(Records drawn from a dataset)
★ ★ ★ ★ ★

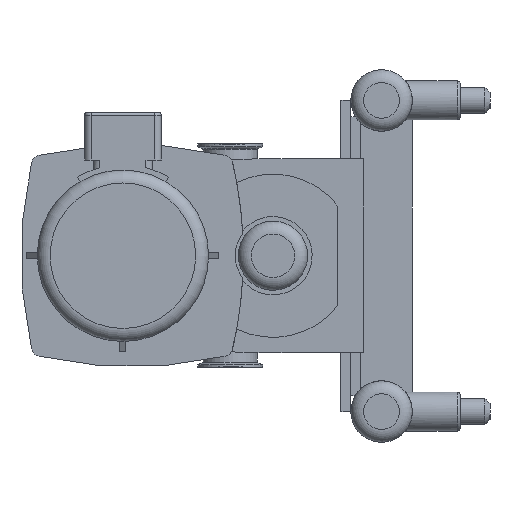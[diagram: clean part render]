
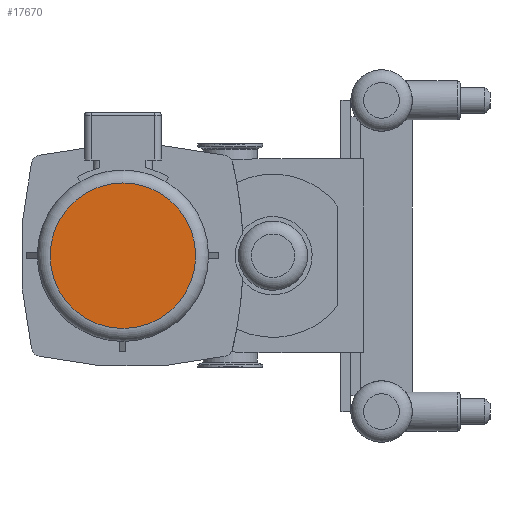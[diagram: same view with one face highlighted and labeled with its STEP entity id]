
A CAD part, left-side view. The second image highlights one B-rep face of the part: STEP entity #17670.
In plain terms, the highlighted planar face has unit normal (-1, 0, 0).
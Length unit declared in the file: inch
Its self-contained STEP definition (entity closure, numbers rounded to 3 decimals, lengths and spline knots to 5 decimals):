
#1209=PLANE('',#19453);
#5126=FACE_OUTER_BOUND('',#6197,.T.);
#6197=EDGE_LOOP('',(#16265,#16266));
#7046=CIRCLE('',#19454,2.8065);
#7047=CIRCLE('',#19455,2.8065);
#8713=VERTEX_POINT('',#33732);
#8714=VERTEX_POINT('',#33733);
#11260=EDGE_CURVE('',#8713,#8714,#7046,.T.);
#11261=EDGE_CURVE('',#8714,#8713,#7047,.T.);
#16265=ORIENTED_EDGE('',*,*,#11260,.F.);
#16266=ORIENTED_EDGE('',*,*,#11261,.F.);
#17670=ADVANCED_FACE('',(#5126),#1209,.T.);
#19453=AXIS2_PLACEMENT_3D('',#33731,#24293,#24294);
#19454=AXIS2_PLACEMENT_3D('',#33734,#24295,#24296);
#19455=AXIS2_PLACEMENT_3D('',#33735,#24297,#24298);
#24293=DIRECTION('center_axis',(-1.,0.,0.));
#24294=DIRECTION('ref_axis',(0.,1.,0.));
#24295=DIRECTION('center_axis',(1.,0.,0.));
#24296=DIRECTION('ref_axis',(0.,0.,
1.));
#24297=DIRECTION('center_axis',(1.,0.,0.));
#24298=DIRECTION('ref_axis',(0.,0.,
1.));
#33731=CARTESIAN_POINT('Origin',(-31.801,4.137,-3.3065));
#33732=CARTESIAN_POINT('',(-31.801,4.137,-2.8065));
#33733=CARTESIAN_POINT('',(-31.801,6.9435,0.));
#33734=CARTESIAN_POINT('Origin',(-31.801,4.137,0.));
#33735=CARTESIAN_POINT('Origin',(-31.801,4.137,0.));
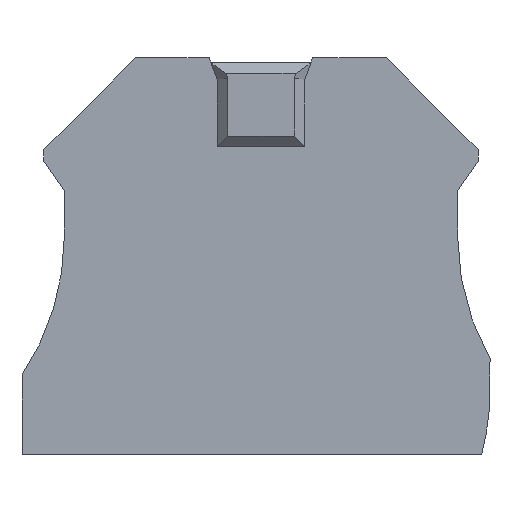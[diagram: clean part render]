
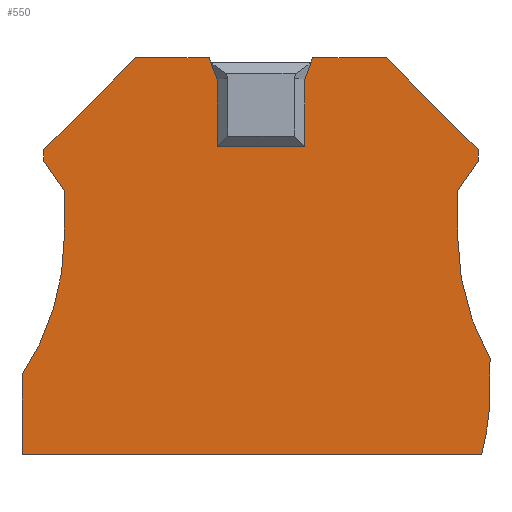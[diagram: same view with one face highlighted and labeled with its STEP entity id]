
A CAD part, left-side view. The second image highlights one B-rep face of the part: STEP entity #550.
In plain terms, the highlighted planar face has unit normal (-1, 0, 0).
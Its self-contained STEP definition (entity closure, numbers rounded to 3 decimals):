
#37=CARTESIAN_POINT('',(0.,17.8,39.8));
#38=VERTEX_POINT('',#37);
#45=CARTESIAN_POINT('',(0.,10.4,39.8));
#46=VERTEX_POINT('',#45);
#47=CARTESIAN_POINT('',(0.,17.8,39.8));
#48=DIRECTION('',(0.,-1.,0.));
#49=VECTOR('',#48,7.4);
#50=LINE('',#47,#49);
#51=EDGE_CURVE('',#38,#46,#50,.T.);
#77=CARTESIAN_POINT('',(0.,3.25,26.472));
#78=VERTEX_POINT('',#77);
#85=CARTESIAN_POINT('',(0.,3.25,21.9));
#86=VERTEX_POINT('',#85);
#87=CARTESIAN_POINT('',(0.,3.25,26.472));
#88=DIRECTION('',(0.,0.,-1.));
#89=VECTOR('',#88,4.572);
#90=LINE('',#87,#89);
#91=EDGE_CURVE('',#78,#86,#90,.T.);
#117=CARTESIAN_POINT('',(0.,1.2,30.6));
#118=VERTEX_POINT('',#117);
#125=CARTESIAN_POINT('',(0.,1.2,29.4));
#126=VERTEX_POINT('',#125);
#127=CARTESIAN_POINT('',(0.,1.2,30.6));
#128=DIRECTION('',(0.,0.,-1.));
#129=VECTOR('',#128,1.2);
#130=LINE('',#127,#129);
#131=EDGE_CURVE('',#118,#126,#130,.T.);
#165=CARTESIAN_POINT('',(0.,35.6,39.8));
#166=VERTEX_POINT('',#165);
#173=CARTESIAN_POINT('',(0.,28.2,39.8));
#174=VERTEX_POINT('',#173);
#175=CARTESIAN_POINT('',(0.,35.6,39.8));
#176=DIRECTION('',(0.,-1.,0.));
#177=VECTOR('',#176,7.4);
#178=LINE('',#175,#177);
#179=EDGE_CURVE('',#166,#174,#178,.T.);
#196=CARTESIAN_POINT('',(0.,10.4,39.8));
#197=DIRECTION('',(0.,-0.707,-0.707));
#198=VECTOR('',#197,13.011);
#199=LINE('',#196,#198);
#200=EDGE_CURVE('',#46,#118,#199,.T.);
#218=CARTESIAN_POINT('',(0.,1.2,29.4));
#219=DIRECTION('',(0.,0.574,-0.819));
#220=VECTOR('',#219,3.574);
#221=LINE('',#218,#220);
#222=EDGE_CURVE('',#126,#78,#221,.T.);
#239=CARTESIAN_POINT('',(0.,0.,9.574));
#240=VERTEX_POINT('',#239);
#257=CARTESIAN_POINT('',(0.,-21.75,21.9));
#258=DIRECTION('',(0.,1.,0.));
#259=DIRECTION('',(-1.,0.,0.));
#260=AXIS2_PLACEMENT_3D('',#257,#259,#258);
#261=CIRCLE('',#260,25.);
#262=EDGE_CURVE('',#86,#240,#261,.T.);
#272=CARTESIAN_POINT('',(0.,18.6,37.602));
#273=VERTEX_POINT('',#272);
#274=CARTESIAN_POINT('',(0.,18.6,37.602));
#275=DIRECTION('',(0.,-0.342,0.94));
#276=VECTOR('',#275,2.339);
#277=LINE('',#274,#276);
#278=EDGE_CURVE('',#273,#38,#277,.T.);
#343=CARTESIAN_POINT('',(0.,27.4,37.602));
#344=VERTEX_POINT('',#343);
#345=CARTESIAN_POINT('',(0.,28.2,39.8));
#346=DIRECTION('',(0.,-0.342,-0.94));
#347=VECTOR('',#346,2.339);
#348=LINE('',#345,#347);
#349=EDGE_CURVE('',#174,#344,#348,.T.);
#424=CARTESIAN_POINT('',(0.,42.75,21.9));
#425=VERTEX_POINT('',#424);
#432=CARTESIAN_POINT('',(0.,42.75,26.472));
#433=VERTEX_POINT('',#432);
#434=CARTESIAN_POINT('',(0.,42.75,21.9));
#435=DIRECTION('',(0.,0.,1.));
#436=VECTOR('',#435,4.572);
#437=LINE('',#434,#436);
#438=EDGE_CURVE('',#425,#433,#437,.T.);
#449=CARTESIAN_POINT('',(0.,23.5,19.9));
#450=DIRECTION('',(0.,0.,-1.));
#451=DIRECTION('',(-1.,0.,-0.));
#452=AXIS2_PLACEMENT_3D('',#449,#451,#450);
#453=PLANE('',#452);
#454=CARTESIAN_POINT('',(0.,0.84,0.));
#455=VERTEX_POINT('',#454);
#456=CARTESIAN_POINT('',(0.,0.,6.428));
#457=VERTEX_POINT('',#456);
#458=CARTESIAN_POINT('',(0.,25.,6.428));
#459=DIRECTION('',(0.,-0.966,-0.257));
#460=DIRECTION('',(-1.,0.,0.));
#461=AXIS2_PLACEMENT_3D('',#458,#460,#459);
#462=CIRCLE('',#461,25.);
#463=EDGE_CURVE('',#455,#457,#462,.T.);
#464=ORIENTED_EDGE('E87',*,*,#463,.T.);
#465=CARTESIAN_POINT('',(0.,0.,6.428));
#466=DIRECTION('',(0.,0.,1.));
#467=VECTOR('',#466,3.146);
#468=LINE('',#465,#467);
#469=EDGE_CURVE('',#457,#240,#468,.T.);
#470=ORIENTED_EDGE('E88',*,*,#469,.T.);
#471=ORIENTED_EDGE('E88',*,*,#262,.F.);
#472=ORIENTED_EDGE('E88',*,*,#91,.F.);
#473=ORIENTED_EDGE('E88',*,*,#222,.F.);
#474=ORIENTED_EDGE('E88',*,*,#131,.F.);
#475=ORIENTED_EDGE('E88',*,*,#200,.F.);
#476=ORIENTED_EDGE('E88',*,*,#51,.F.);
#477=ORIENTED_EDGE('E88',*,*,#278,.F.);
#478=CARTESIAN_POINT('',(0.,18.6,30.9));
#479=VERTEX_POINT('',#478);
#480=CARTESIAN_POINT('',(0.,18.6,30.9));
#481=DIRECTION('',(0.,0.,1.));
#482=VECTOR('',#481,6.702);
#483=LINE('',#480,#482);
#484=EDGE_CURVE('',#479,#273,#483,.T.);
#485=ORIENTED_EDGE('E74',*,*,#484,.F.);
#486=CARTESIAN_POINT('',(0.,27.4,30.9));
#487=VERTEX_POINT('',#486);
#488=CARTESIAN_POINT('',(0.,27.4,30.9));
#489=DIRECTION('',(0.,-1.,0.));
#490=VECTOR('',#489,8.8);
#491=LINE('',#488,#490);
#492=EDGE_CURVE('',#487,#479,#491,.T.);
#493=ORIENTED_EDGE('E77',*,*,#492,.F.);
#494=CARTESIAN_POINT('',(0.,27.4,37.602));
#495=DIRECTION('',(0.,0.,-1.));
#496=VECTOR('',#495,6.702);
#497=LINE('',#494,#496);
#498=EDGE_CURVE('',#344,#487,#497,.T.);
#499=ORIENTED_EDGE('E80',*,*,#498,.F.);
#500=ORIENTED_EDGE('E80',*,*,#349,.F.);
#501=ORIENTED_EDGE('E80',*,*,#179,.F.);
#502=CARTESIAN_POINT('',(0.,44.8,30.6));
#503=VERTEX_POINT('',#502);
#504=CARTESIAN_POINT('',(0.,35.6,39.8));
#505=DIRECTION('',(0.,0.707,-0.707));
#506=VECTOR('',#505,13.011);
#507=LINE('',#504,#506);
#508=EDGE_CURVE('',#166,#503,#507,.T.);
#509=ORIENTED_EDGE('E89',*,*,#508,.T.);
#510=CARTESIAN_POINT('',(0.,44.8,29.4));
#511=VERTEX_POINT('',#510);
#512=CARTESIAN_POINT('',(0.,44.8,30.6));
#513=DIRECTION('',(0.,0.,-1.));
#514=VECTOR('',#513,1.2);
#515=LINE('',#512,#514);
#516=EDGE_CURVE('',#503,#511,#515,.T.);
#517=ORIENTED_EDGE('E90',*,*,#516,.T.);
#518=CARTESIAN_POINT('',(0.,44.8,29.4));
#519=DIRECTION('',(0.,-0.574,-0.819));
#520=VECTOR('',#519,3.574);
#521=LINE('',#518,#520);
#522=EDGE_CURVE('',#511,#433,#521,.T.);
#523=ORIENTED_EDGE('E91',*,*,#522,.T.);
#524=ORIENTED_EDGE('E91',*,*,#438,.F.);
#525=CARTESIAN_POINT('',(0.,47.,7.956));
#526=VERTEX_POINT('',#525);
#527=CARTESIAN_POINT('',(0.,67.75,21.9));
#528=DIRECTION('',(0.,-1.,0.));
#529=DIRECTION('',(1.,0.,0.));
#530=AXIS2_PLACEMENT_3D('',#527,#529,#528);
#531=CIRCLE('',#530,25.);
#532=EDGE_CURVE('',#425,#526,#531,.T.);
#533=ORIENTED_EDGE('E92',*,*,#532,.T.);
#534=CARTESIAN_POINT('',(0.,47.,0.));
#535=VERTEX_POINT('',#534);
#536=CARTESIAN_POINT('',(0.,47.,7.956));
#537=DIRECTION('',(0.,0.,-1.));
#538=VECTOR('',#537,7.956);
#539=LINE('',#536,#538);
#540=EDGE_CURVE('',#526,#535,#539,.T.);
#541=ORIENTED_EDGE('E93',*,*,#540,.T.);
#542=CARTESIAN_POINT('',(0.,47.,0.));
#543=DIRECTION('',(0.,-1.,0.));
#544=VECTOR('',#543,46.16);
#545=LINE('',#542,#544);
#546=EDGE_CURVE('',#535,#455,#545,.T.);
#547=ORIENTED_EDGE('E94',*,*,#546,.T.);
#548=EDGE_LOOP('',(#464,#470,#471,#472,#473,#474,#475,#476,#477,#485,#493,#499,#500,#501,#509,#517,#523,#524,#533,#541,#547));
#549=FACE_OUTER_BOUND('',#548,.T.);
#550=ADVANCED_FACE('F35',(#549),#453,.T.);

★ ★ ★ ★ ★

Required work -> Every line above that holds the string "side" should be returned.

Result of this exercise ->
A CAD part, left-side view. The second image highlights one B-rep face of the part: STEP entity #17670.
A CAD part, left-side view. The second image highlights one B-rep face of the part: STEP entity #550.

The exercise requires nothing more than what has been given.